Ringo Starr & His All-Starr Band lived up to expectations Tuesday night as they performed for almost two hours without intermission in Blaisdell Arena. It was in all respects a perfect evening of classic rock — and the first time Ringo Starr has performed in Hawaii.

Starr was a genial and engaging host. He came out on stage dressed in black and opened the evening with “Matchbox,” “It Don’t Come Easy” and “What Goes On.” He then climbed up behind the big Ludwig drum kit deployed on a pedestal at the back of the stage. Starr looked perfectly content “just” playing drums — even when he was backing other band members and playing their hits.
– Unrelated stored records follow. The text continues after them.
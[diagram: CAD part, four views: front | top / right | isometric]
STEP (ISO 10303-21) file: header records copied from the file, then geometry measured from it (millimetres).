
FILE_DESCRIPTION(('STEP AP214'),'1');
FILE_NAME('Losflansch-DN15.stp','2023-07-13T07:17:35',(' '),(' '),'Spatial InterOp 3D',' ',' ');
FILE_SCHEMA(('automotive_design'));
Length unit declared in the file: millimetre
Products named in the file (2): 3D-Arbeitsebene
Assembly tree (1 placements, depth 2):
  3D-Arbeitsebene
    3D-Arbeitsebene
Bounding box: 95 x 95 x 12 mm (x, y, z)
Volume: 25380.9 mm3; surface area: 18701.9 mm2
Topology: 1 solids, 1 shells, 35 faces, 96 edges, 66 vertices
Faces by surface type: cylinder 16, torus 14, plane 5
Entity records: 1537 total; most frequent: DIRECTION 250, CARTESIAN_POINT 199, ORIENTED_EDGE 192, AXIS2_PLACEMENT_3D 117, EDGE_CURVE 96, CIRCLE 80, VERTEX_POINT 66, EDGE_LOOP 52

His command of the stage as a seasoned entertainer added pizzazz when he came down from the drums to sing with the front four — Gregg Rolie (Santana/Journey), Steve Lukather (Toto), Richard Page (Mr. Mister) and Todd Rundgren — or to receive a lei.

The set list was almost split equally between Starr’s signature songs and the hits of the band members. Songs from Starr’s years with the Beatles included “Boys,” “Yellow Submarine,” “I Wanna Be Your Man,” “Act Naturally” and “With A Little Help From My Friends.”
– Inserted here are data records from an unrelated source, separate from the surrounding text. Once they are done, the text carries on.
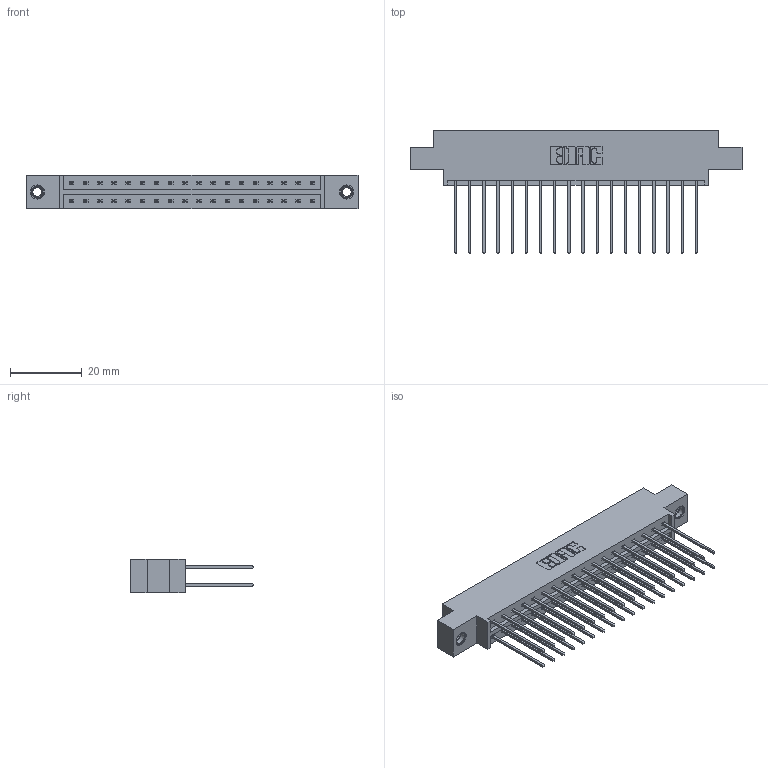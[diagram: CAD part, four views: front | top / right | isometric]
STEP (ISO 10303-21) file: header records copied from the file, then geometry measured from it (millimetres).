
FILE_DESCRIPTION (( 'STEP AP203' ), '1' );
FILE_NAME ('333-036-541-807.STEP', '2018-08-03T01:09:03', ( '' ), ( '' ), 'SwSTEP 2.0', 'SolidWorks 2016', '' );
FILE_SCHEMA (( 'CONFIG_CONTROL_DESIGN' ));
Length unit declared in the file: inch
Products named in the file (4): 333 Part_Offset - .156 Dia - TI; 345-292-001_345-293-141; 345-250-001_345-250-005-103; 333-036-541-807
Assembly tree (39 placements, depth 2):
  333-036-541-807
    333 Part_Offset - .156 Dia - TI
    345-292-001_345-293-141  x36
    345-250-001_345-250-005-103  x2
Bounding box: 92.86 x 34.3 x 9.4 mm (x, y, z)
Volume: 9221.5 mm3; surface area: 11927.6 mm2
Topology: 39 solids, 39 shells, 2050 faces, 6039 edges, 3970 vertices
Faces by surface type: plane 1402, cylinder 632, cone 12, torus 4
Entity records: 16020 total; most frequent: CARTESIAN_POINT 2669, ORIENTED_EDGE 2598, DIRECTION 2353, EDGE_CURVE 1299, LINE 1151, VECTOR 1151, VERTEX_POINT 860, AXIS2_PLACEMENT_3D 601

Almost every song — Starr’s, certainly — was instantly recognized. Several quickly became sing-alongs. However, Starr may have confused at least a few people in the crowd when he introduced one of his Beatles hits with a reference to “the group I used to play with — Rory Storm & The Hurricanes.” Those who know that Starr left the Hurricanes in 1962 to join the Beatles appreciated the reference.

There was no question that Ringo was the star of the evening. Several of the All-Starrs talked about the honor of working with him; one referred to him as “the Boss.” On the other hand, it was also clear from the early on that each member of the All-Starr Band had earned the right to be there with him.

Even the least of them in terms of “name credentials” — that would be drummer Gregg Bissonette — turned in a solid “all-star” performance. Bissonette rocked the arena with a lengthy solo on “Black Magic Woman/Gypsy Queen” and deserved every second he had in the spotlight.

And, yes, after four years together, the double-drummer arrangements as Starr and Bissonette played together were marvelous.

Lukather did an excellent job recreating the iconic Carlos Santana guitar lines when Rolie was featured on “Evil Ways” and “Oye Como Va.” A delightful “stop the show moment” came when Lukather and Rolie were playing another Santana classic, “Black Magic Woman/Gypsy Queen.” Lukather walked over to Rolie’s keyboards and sat down next to him, and Rolie reached over the neck of Lukather’s guitar to “help” him play. Lukather then returned the favor by hitting some of Rolie’s organ keys.

Lukather got his well-deserved time as the featured vocalist when he lead the All-Starrs on three of Toto hits: “Rosanna,” “Africa” and “Hold the Line.” The latter was one of the more powerful songs of the show.

Kauai resident Rundgren played guitar for most of the evening but switched to a pair of drums to lead the crowd in spirited rendition of his 1983 hit, “Bang the Drum All Day.” Rundgren was featured earlier in the night on “I Saw The Light” and may have had “enlightenment” in mind when he told the crowd “All we need to do is get recreational pot on the ballot.”

Page added the haunting sound of his group, Mr. Mister, as the lead vocalist on “Kyrie” and “Broken Wings.” Both were exquisite.

And, All-Starr Band member Warren Ham, a veteran of several classic rock groups, was all over the stage playing an assortment of instruments and adding to the vocals. Ham’s sax work on “Africa” was outstanding.

Peace is clearly a priority for Starr these days. He wore a “peace sign” T-shirt, flashed the universally recognized “peace sign” repeatedly during the concert, and closed the evening with a serious message: “Peace and love! Peace and love is the only way!”

Ringo then left the stage for a moment before coming back to join the All-Starrs on “Give Peace A Chance,” an anthem penned by his former Beatles bandmate, the late John Lennon.